Irán ejecuta a joven atleta y desata nuevas críticas por represión
El atleta iraní Saleh Mohammadi, de 19 años, fue ejecutado públicamente este jueves tras ser condenado a muerte por el presunto asesinato de un policía, en un caso que ha generado nuevas críticas contra el sistema judicial iraní.
La ejecución fue confirmada por la organización Iran Human Rights, que denunció el hecho como parte de un patrón de represión en un contexto de creciente descontento social en el país.
Según informó la agencia Mizan, vinculada al Poder Judicial iraní, Mohammadi fue ejecutado junto a Mehdi Ghasemi y Saeid Davudi en la ciudad de Qom, tras ser declarados culpables de asesinato y de realizar acciones operativas en favor de Israel y Estados Unidos.
Los tres fueron sentenciados por el delito de moharebeh —enemistad contra Dios—, una figura legal utilizada en Irán para castigar delitos considerados contra la seguridad pública, el islam o el espionaje.

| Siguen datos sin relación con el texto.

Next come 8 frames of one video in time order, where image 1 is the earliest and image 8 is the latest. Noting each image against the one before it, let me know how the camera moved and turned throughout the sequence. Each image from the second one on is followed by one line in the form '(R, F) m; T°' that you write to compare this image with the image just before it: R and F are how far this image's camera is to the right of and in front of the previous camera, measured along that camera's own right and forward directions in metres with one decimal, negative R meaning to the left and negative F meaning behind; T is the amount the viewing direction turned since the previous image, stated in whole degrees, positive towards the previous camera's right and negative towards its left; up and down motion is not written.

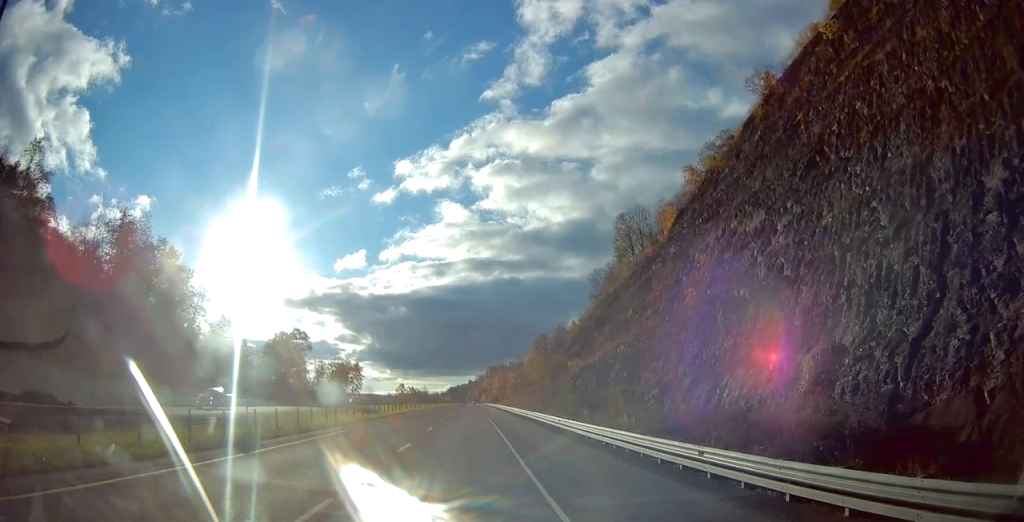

De acuerdo con las autoridades, las ejecuciones se llevaron a cabo luego de que el Tribunal Supremo confirmara las sentencias y se completaran los procedimientos legales, en presencia de sus abogados defensores.
El caso y las acusaciones
Según la versión oficial, los hechos ocurrieron el 8 de enero, cuando los acusados atacaron con armas blancas a dos agentes de seguridad en distintos puntos de Qom, causando su muerte.
Las autoridades señalaron que los tres fueron detenidos en operativos de seguridad e inteligencia y que confesaron los crímenes durante el proceso judicial, además de reconstruir los hechos.
Denuncias y contexto de represión
Organizaciones de derechos humanos han cuestionado el caso y lo vinculan a un contexto más amplio de represión estatal. Las protestas antigubernamentales registradas en enero, que exigían el fin de la República Islámica, fueron reprimidas con violencia.
Según cifras oficiales, estas manifestaciones dejaron 3.117 muertos. Sin embargo, la organización opositora HRANA, con sede en Estados Unidos, eleva la cifra a más de 7.000 fallecidos y continúa verificando otros 11.000 casos, además de estimar unos 53.000 detenidos.
A esto se suma el incremento de ejecuciones en el país. De acuerdo con datos de la ONU, Irán ejecutó a unas 1.500 personas en 2025, lo que representa un aumento del 50 % respecto al año anterior.